▸ **Material for this task**:
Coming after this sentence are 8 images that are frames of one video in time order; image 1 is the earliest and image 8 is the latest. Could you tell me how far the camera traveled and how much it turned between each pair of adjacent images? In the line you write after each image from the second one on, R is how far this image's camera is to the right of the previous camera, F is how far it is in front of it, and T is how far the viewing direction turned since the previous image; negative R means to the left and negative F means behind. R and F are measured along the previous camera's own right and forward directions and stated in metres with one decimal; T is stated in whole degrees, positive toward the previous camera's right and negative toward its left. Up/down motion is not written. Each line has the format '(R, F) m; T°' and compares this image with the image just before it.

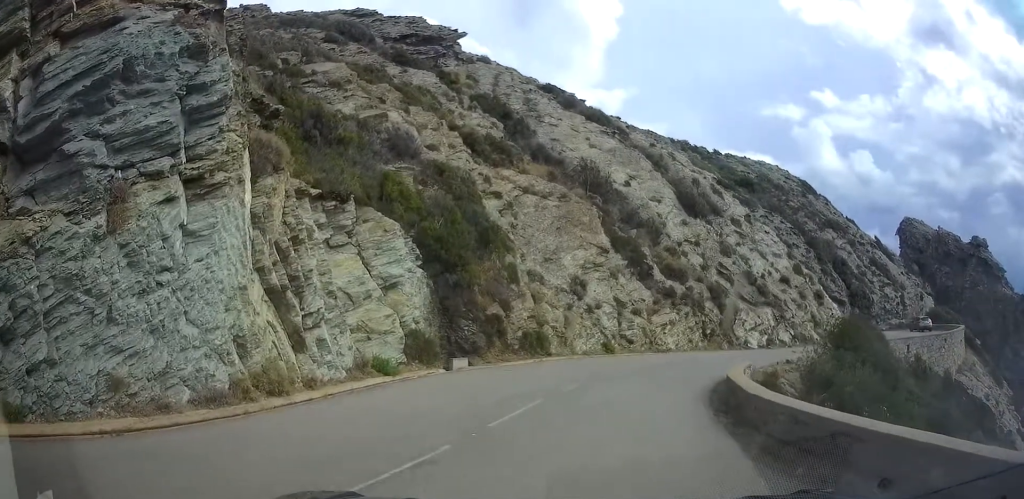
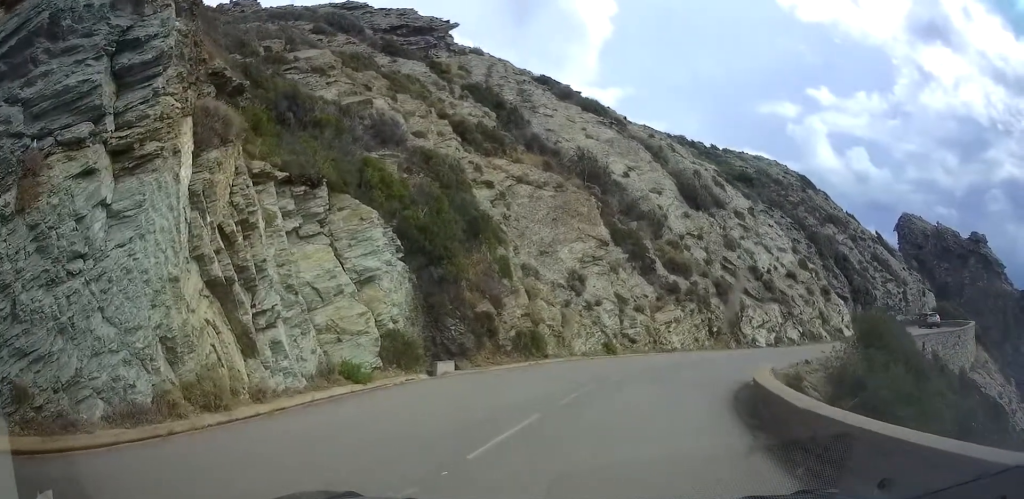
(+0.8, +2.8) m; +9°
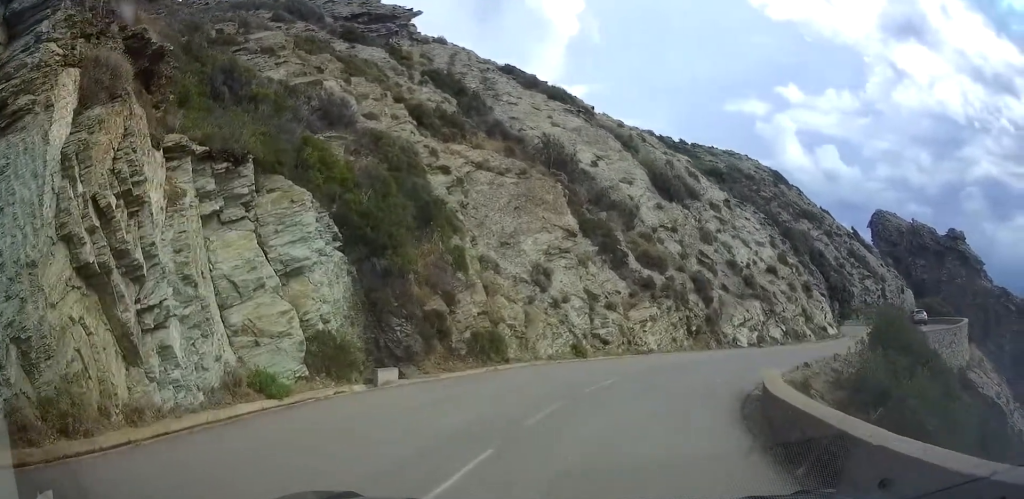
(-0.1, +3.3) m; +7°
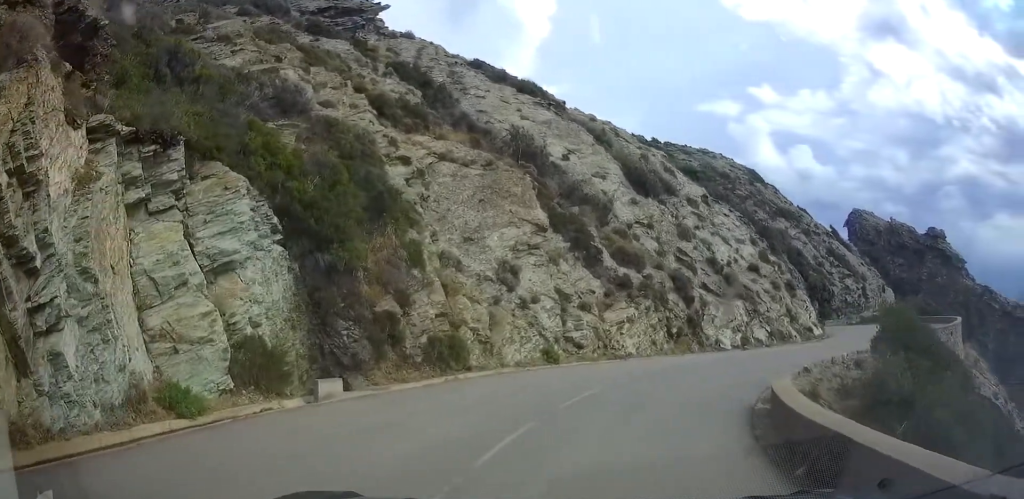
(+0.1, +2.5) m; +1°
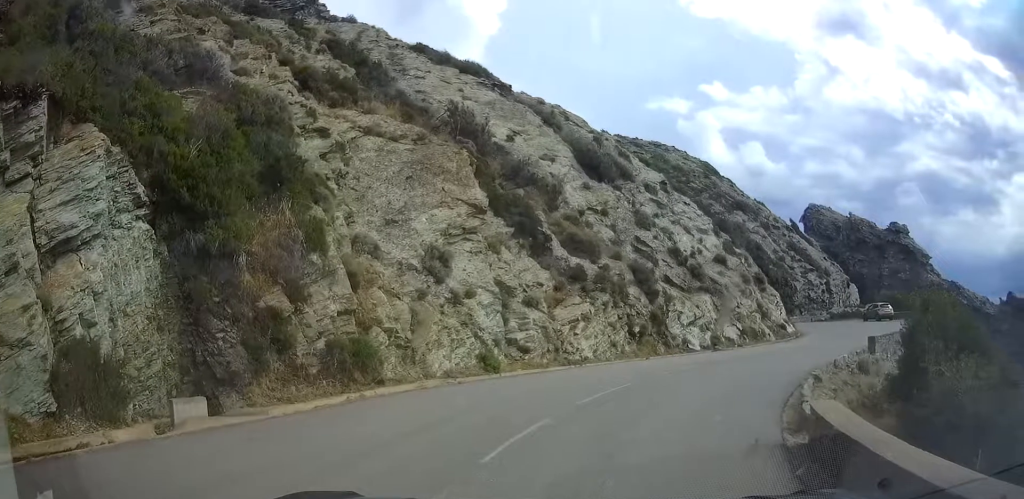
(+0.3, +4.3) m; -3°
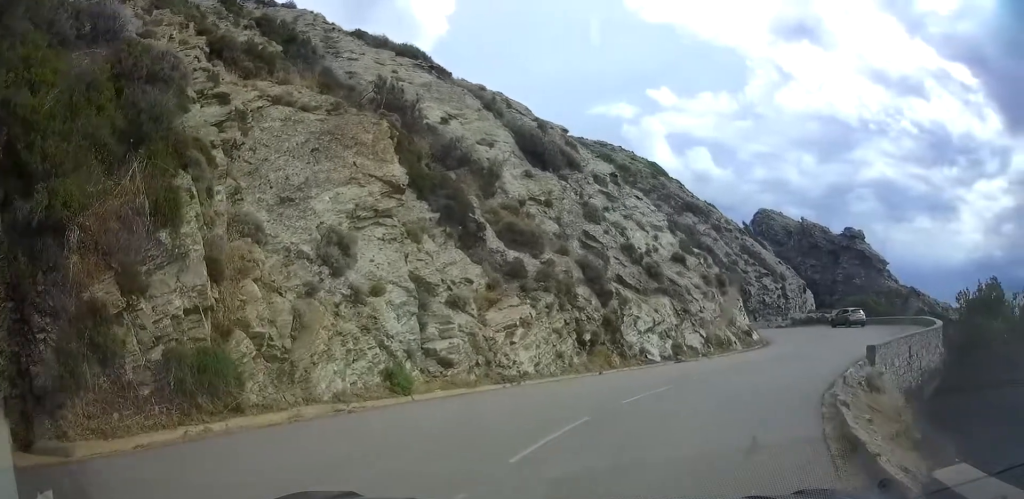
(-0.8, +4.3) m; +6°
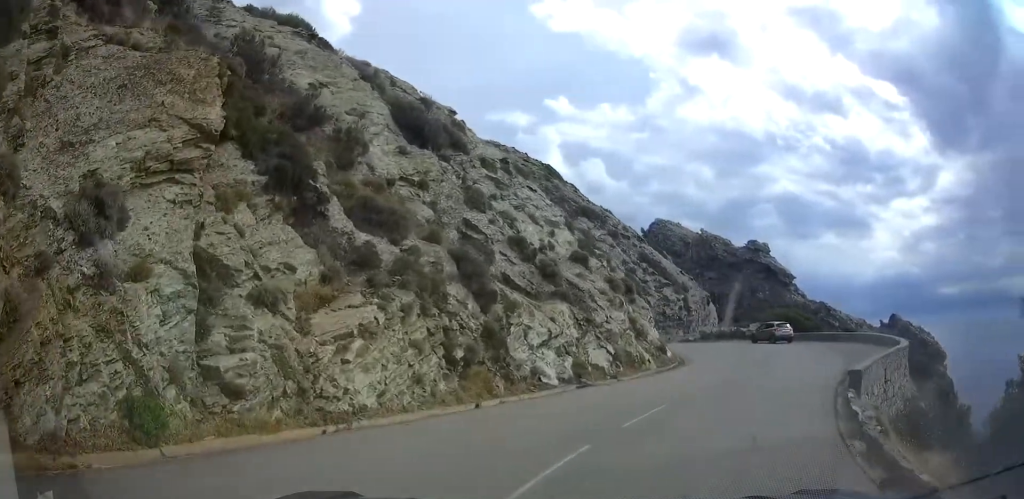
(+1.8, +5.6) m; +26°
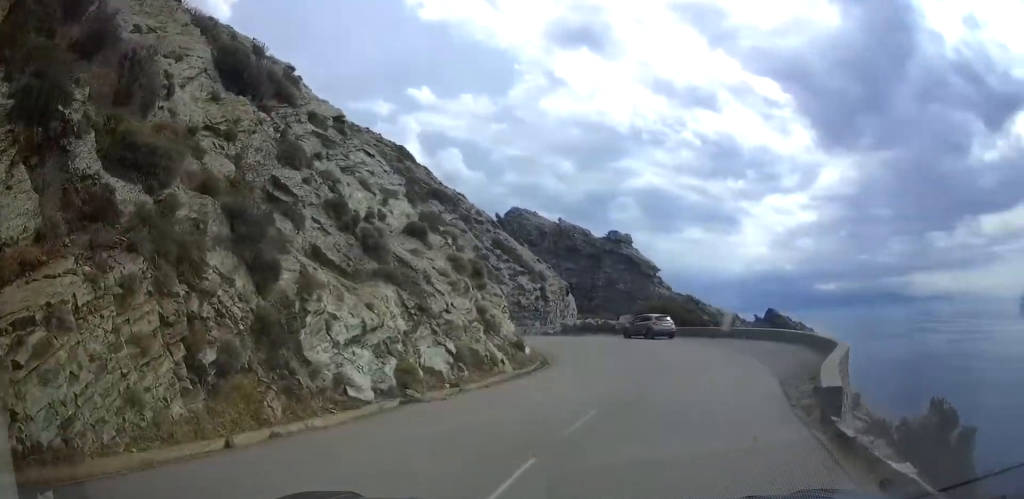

▸ **Exercise requirements**:
In the copy, include every record exactly and no pictures at all.

▸ **Your response**:
Coming after this sentence are 8 images that are frames of one video in time order; image 1 is the earliest and image 8 is the latest. Could you tell me how far the camera traveled and how much it turned between each pair of adjacent images? In the line you write after each image from the second one on, R is how far this image's camera is to the right of the previous camera, F is how far it is in front of it, and T is how far the viewing direction turned since the previous image; negative R means to the left and negative F means behind. R and F are measured along the previous camera's own right and forward directions and stated in metres with one decimal; T is stated in whole degrees, positive toward the previous camera's right and negative toward its left. Up/down motion is not written. Each line has the format '(R, F) m; T°' and compares this image with the image just before it.

(+0.8, +2.8) m; +9°
(-0.1, +3.3) m; +7°
(+0.1, +2.5) m; +1°
(+0.3, +4.3) m; -3°
(-0.8, +4.3) m; +6°
(+1.8, +5.6) m; +26°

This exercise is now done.